▶ Description of the task: What you write must match, character for character, the lines from the one with "This frame occurs 1.0 s after image 1." down to the one with "This frame occurs 3.4 s after image 1." in the listing below, minus its pictures.

· · · · ·

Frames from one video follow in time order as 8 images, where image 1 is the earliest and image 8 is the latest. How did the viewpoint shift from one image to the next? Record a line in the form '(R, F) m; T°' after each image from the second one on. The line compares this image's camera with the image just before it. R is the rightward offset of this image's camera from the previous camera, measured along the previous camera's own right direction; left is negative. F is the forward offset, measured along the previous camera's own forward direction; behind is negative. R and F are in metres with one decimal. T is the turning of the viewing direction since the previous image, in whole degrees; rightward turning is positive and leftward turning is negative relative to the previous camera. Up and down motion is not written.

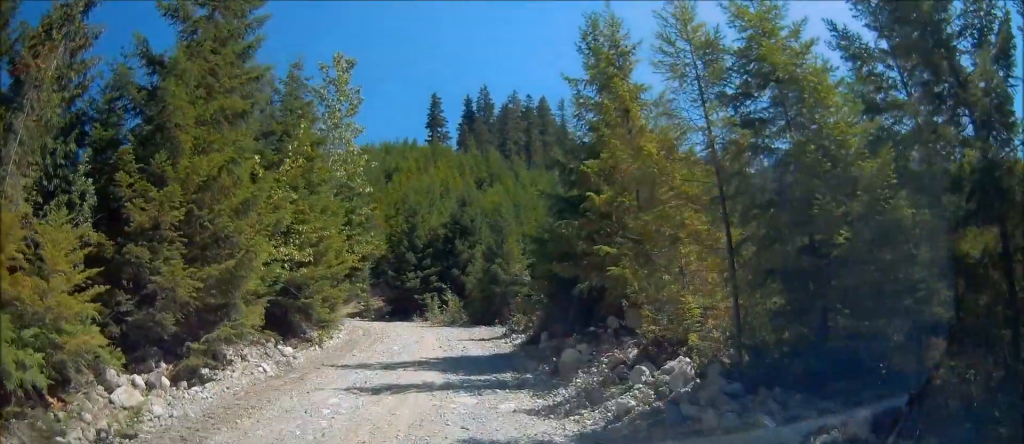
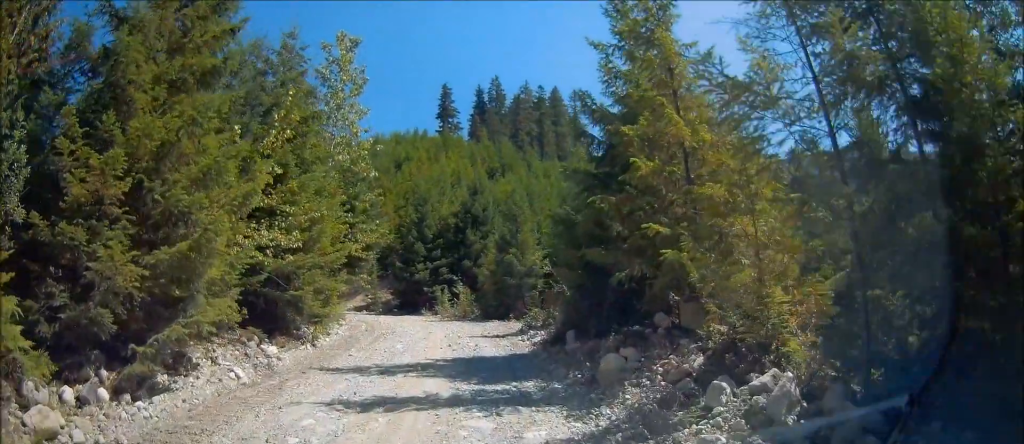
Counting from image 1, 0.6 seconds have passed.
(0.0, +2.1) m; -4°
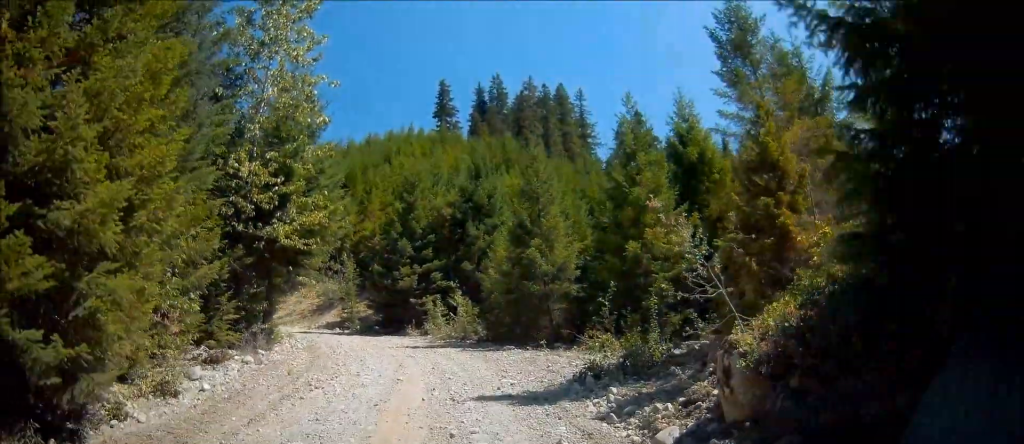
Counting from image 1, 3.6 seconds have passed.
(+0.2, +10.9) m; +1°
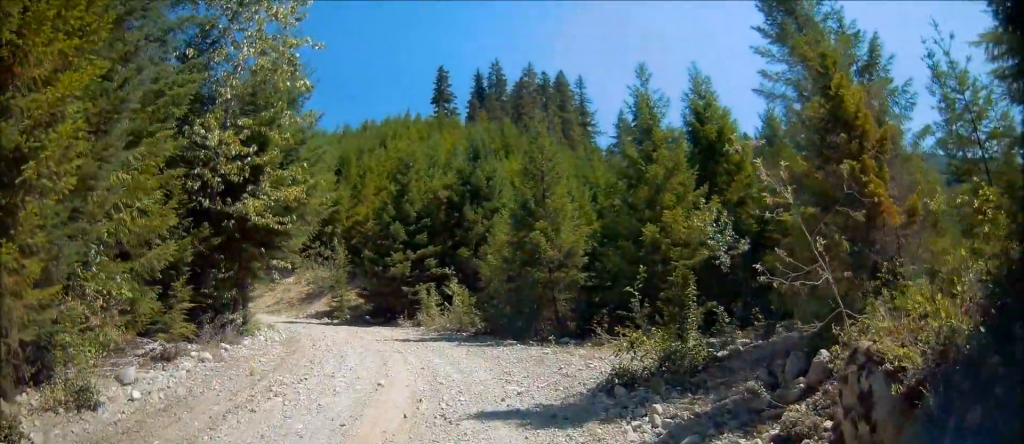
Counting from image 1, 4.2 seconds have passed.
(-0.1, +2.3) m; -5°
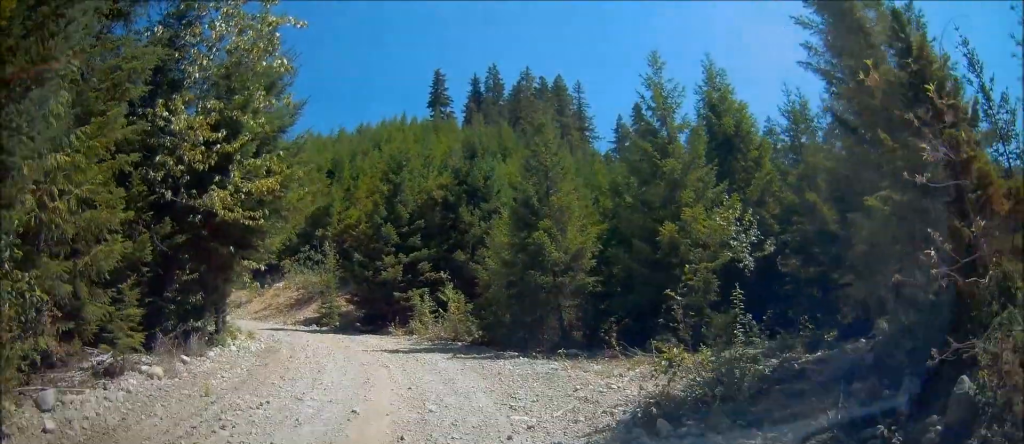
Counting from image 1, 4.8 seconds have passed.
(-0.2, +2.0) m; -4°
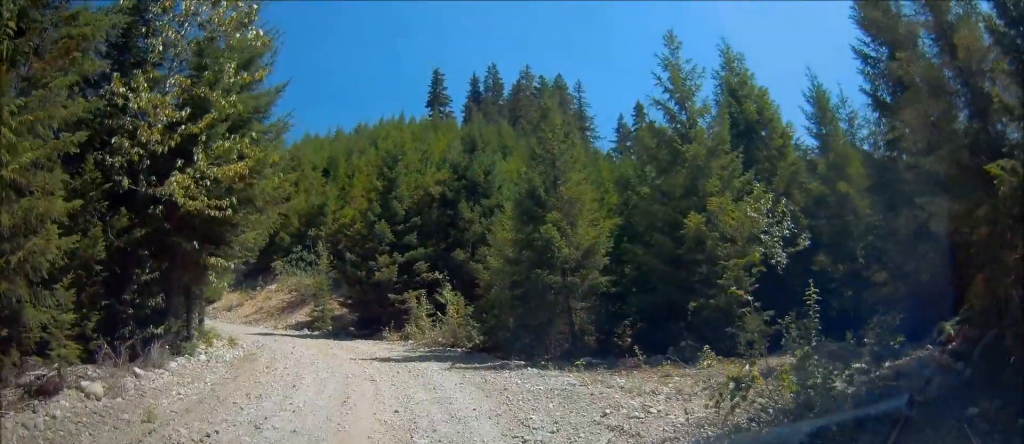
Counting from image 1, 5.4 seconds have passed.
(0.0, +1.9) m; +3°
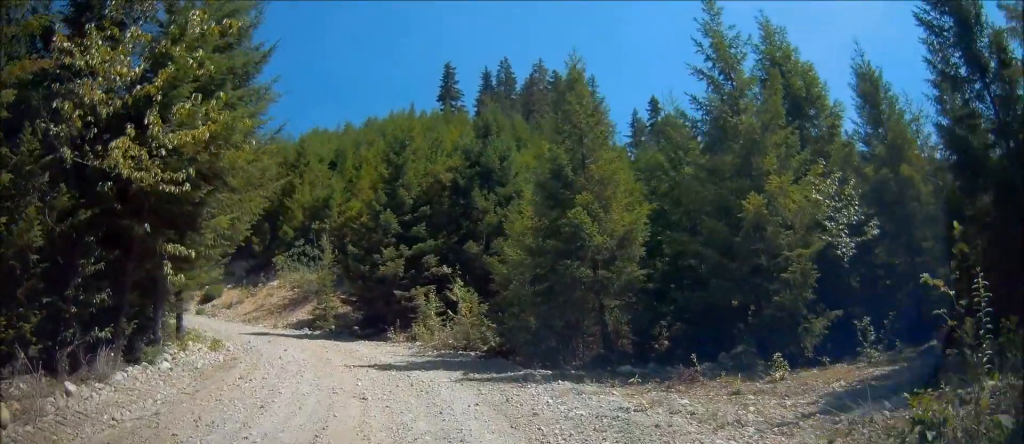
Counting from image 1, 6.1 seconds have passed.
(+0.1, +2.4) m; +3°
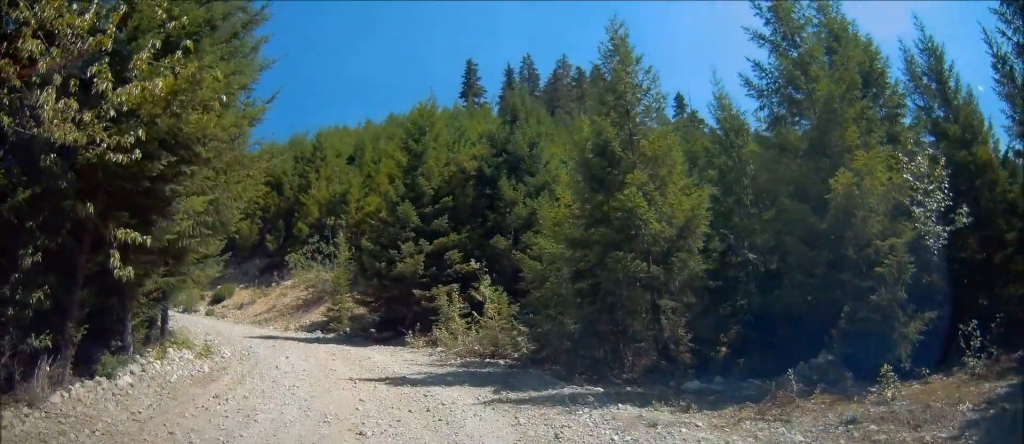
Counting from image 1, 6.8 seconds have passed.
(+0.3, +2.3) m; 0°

· · · · ·

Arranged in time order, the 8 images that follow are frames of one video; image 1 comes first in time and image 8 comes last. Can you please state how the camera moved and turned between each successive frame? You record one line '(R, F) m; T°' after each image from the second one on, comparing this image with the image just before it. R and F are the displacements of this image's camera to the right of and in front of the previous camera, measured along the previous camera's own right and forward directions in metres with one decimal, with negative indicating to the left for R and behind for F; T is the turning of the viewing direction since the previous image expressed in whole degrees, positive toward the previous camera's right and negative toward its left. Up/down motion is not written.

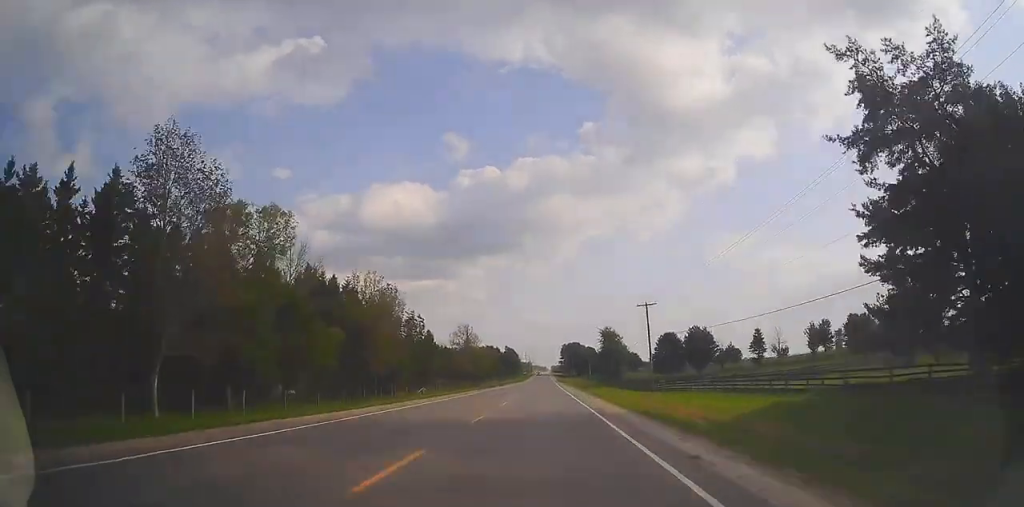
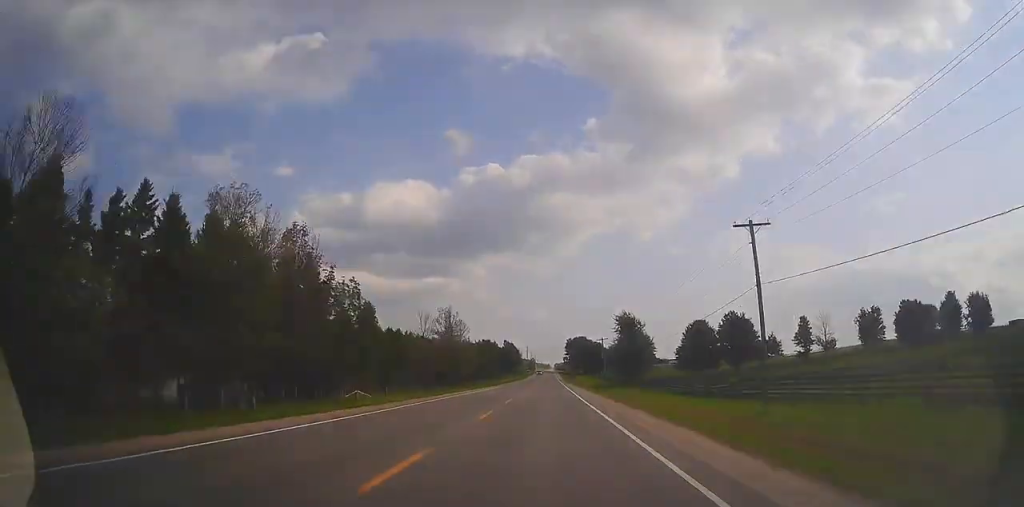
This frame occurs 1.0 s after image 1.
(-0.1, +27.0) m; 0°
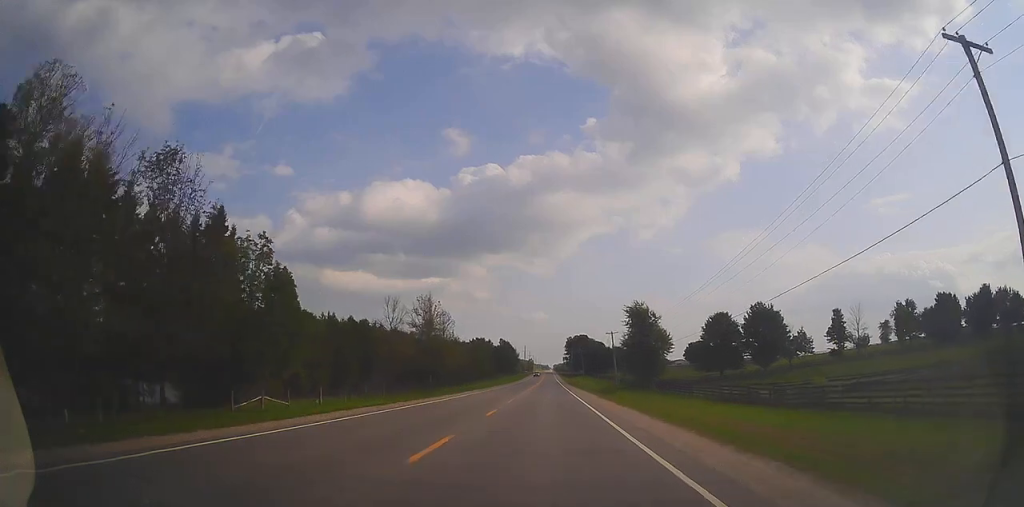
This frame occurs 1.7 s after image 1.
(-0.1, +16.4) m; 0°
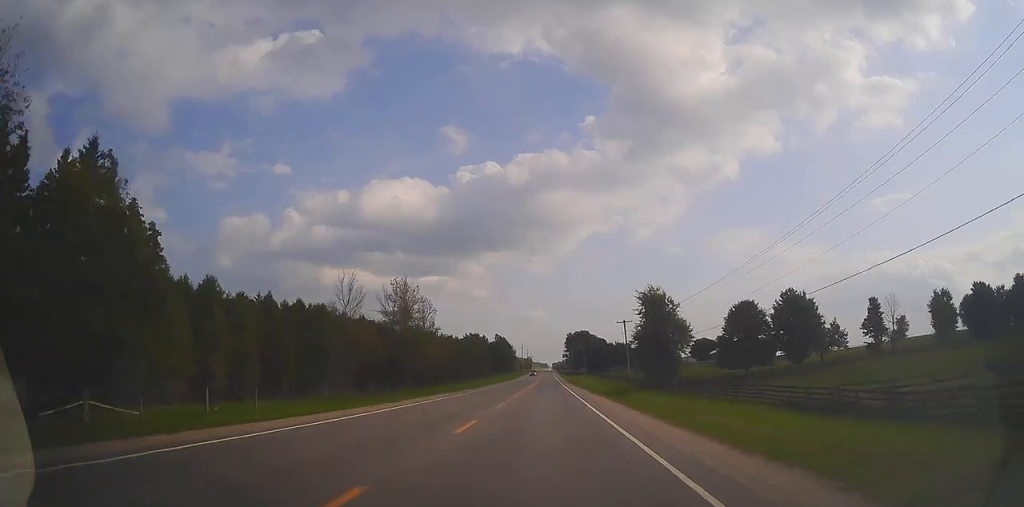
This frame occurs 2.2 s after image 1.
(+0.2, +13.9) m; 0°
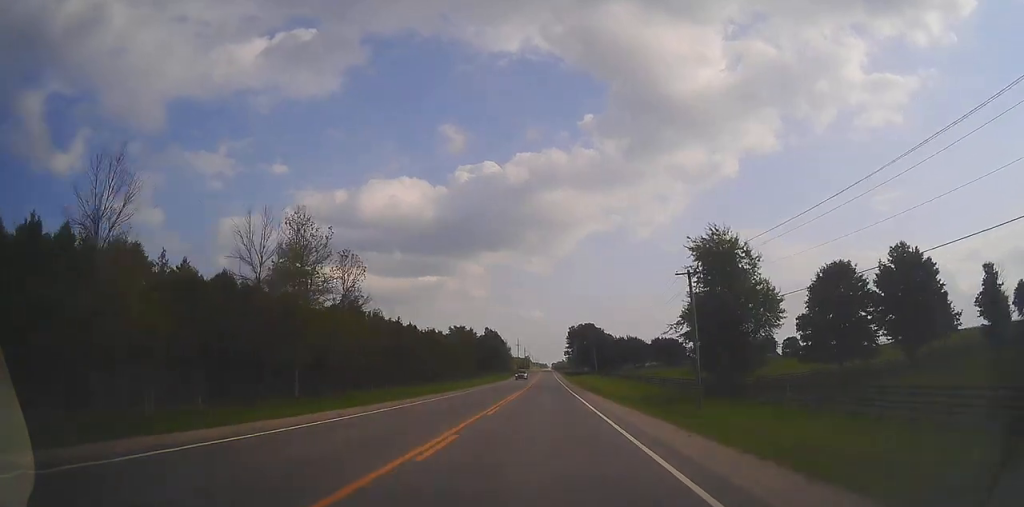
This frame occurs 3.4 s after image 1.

· · · · ·

▶ Written solution:
This frame occurs 1.0 s after image 1.
(-0.1, +27.0) m; 0°
This frame occurs 1.7 s after image 1.
(-0.1, +16.4) m; 0°
This frame occurs 2.2 s after image 1.
(+0.2, +13.9) m; 0°
This frame occurs 3.4 s after image 1.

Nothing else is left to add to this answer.